# YOUR OBJECTIVE
Leaving out the images, please reproduce each line below exactly.

# EXCERPTED RECORDS
┄┄┄┄┄┄┄┄┄┄
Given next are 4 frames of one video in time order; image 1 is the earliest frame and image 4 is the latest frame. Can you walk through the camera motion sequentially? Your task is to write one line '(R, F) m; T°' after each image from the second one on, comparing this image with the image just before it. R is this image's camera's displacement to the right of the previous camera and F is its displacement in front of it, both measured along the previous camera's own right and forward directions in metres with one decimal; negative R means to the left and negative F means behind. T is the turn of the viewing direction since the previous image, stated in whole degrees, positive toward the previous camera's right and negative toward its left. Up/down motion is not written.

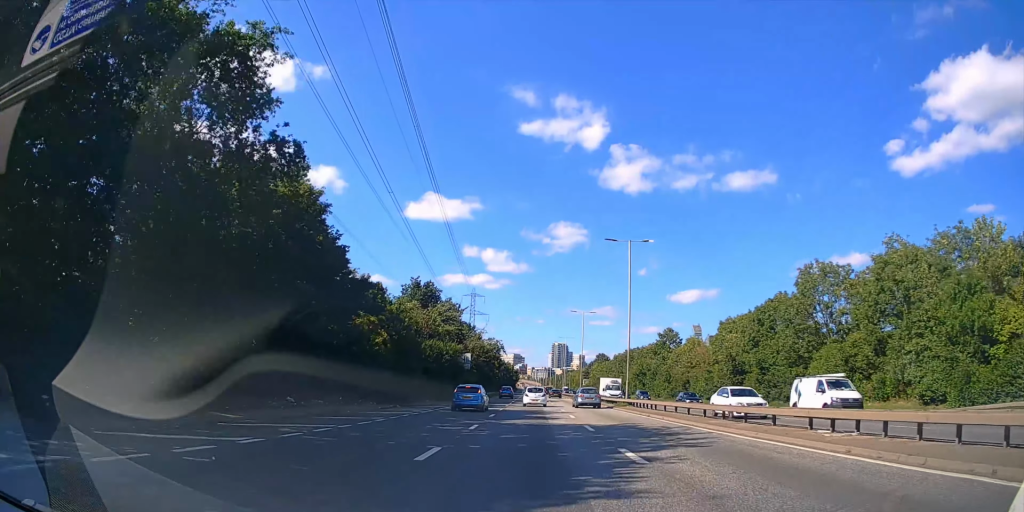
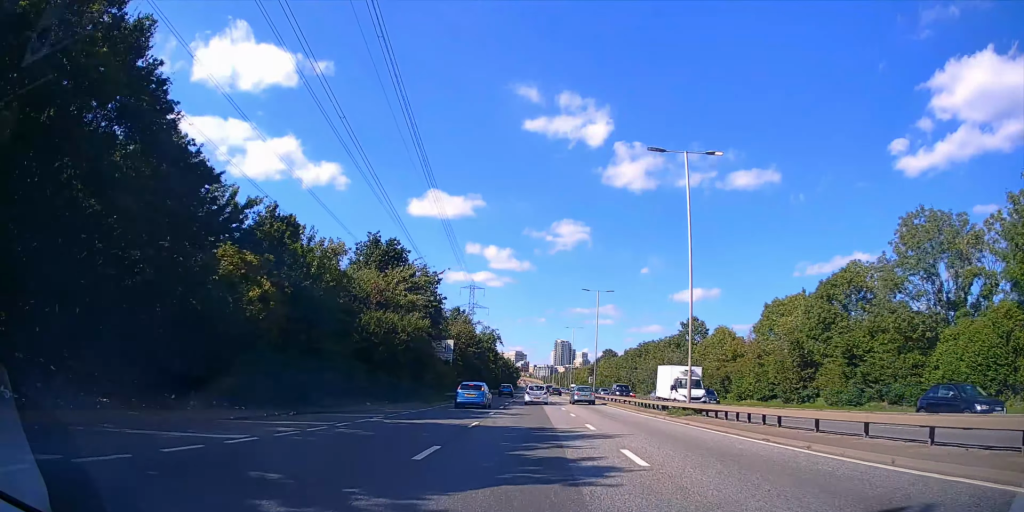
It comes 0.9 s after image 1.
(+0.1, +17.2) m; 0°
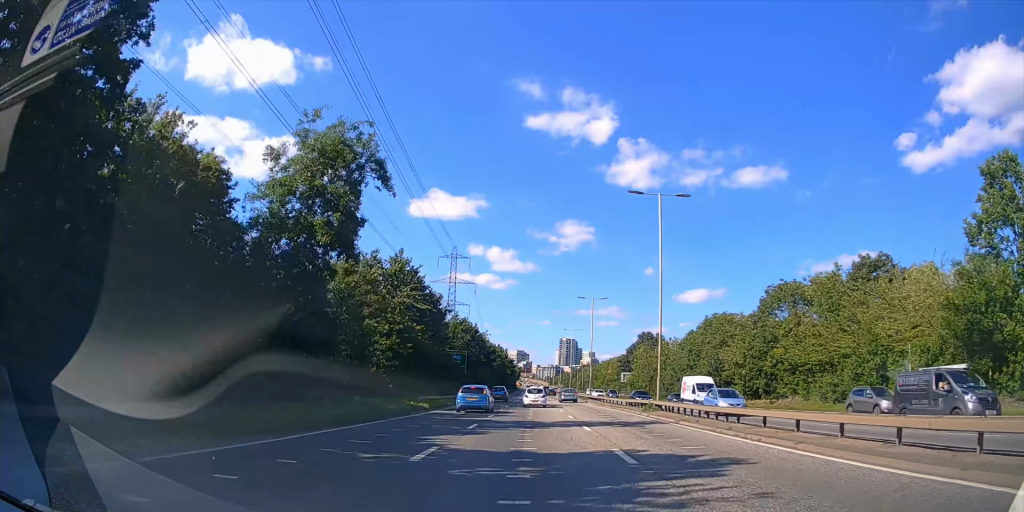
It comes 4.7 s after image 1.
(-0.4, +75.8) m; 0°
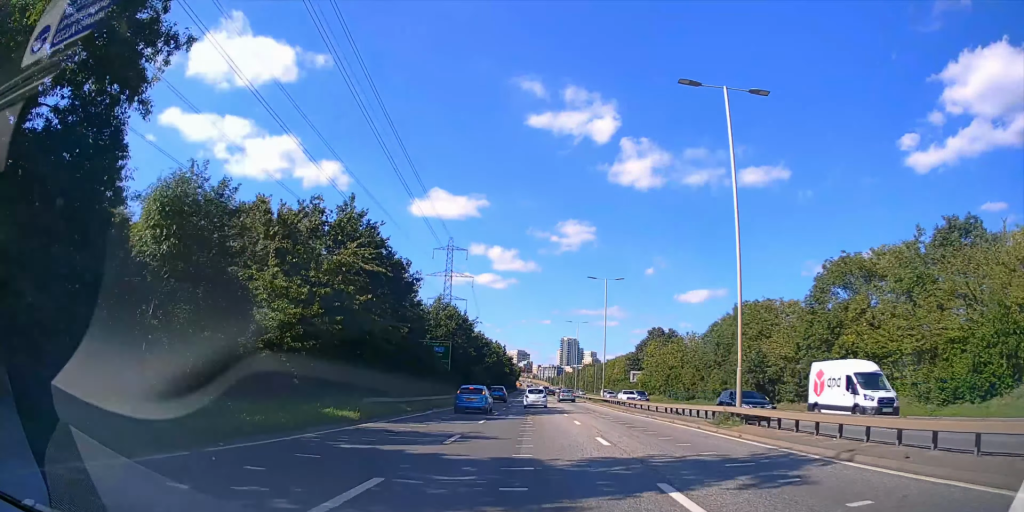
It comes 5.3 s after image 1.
┄┄┄┄┄┄┄┄┄┄
# TASK RESULT
Given next are 4 frames of one video in time order; image 1 is the earliest frame and image 4 is the latest frame. Can you walk through the camera motion sequentially? Your task is to write one line '(R, F) m; T°' after each image from the second one on, comparing this image with the image just before it. R is this image's camera's displacement to the right of the previous camera and F is its displacement in front of it, both measured along the previous camera's own right and forward directions in metres with one decimal; negative R means to the left and negative F means behind. T is the turn of the viewing direction since the previous image, stated in whole degrees, positive toward the previous camera's right and negative toward its left. Up/down motion is not written.

It comes 0.9 s after image 1.
(+0.1, +17.2) m; 0°
It comes 4.7 s after image 1.
(-0.4, +75.8) m; 0°
It comes 5.3 s after image 1.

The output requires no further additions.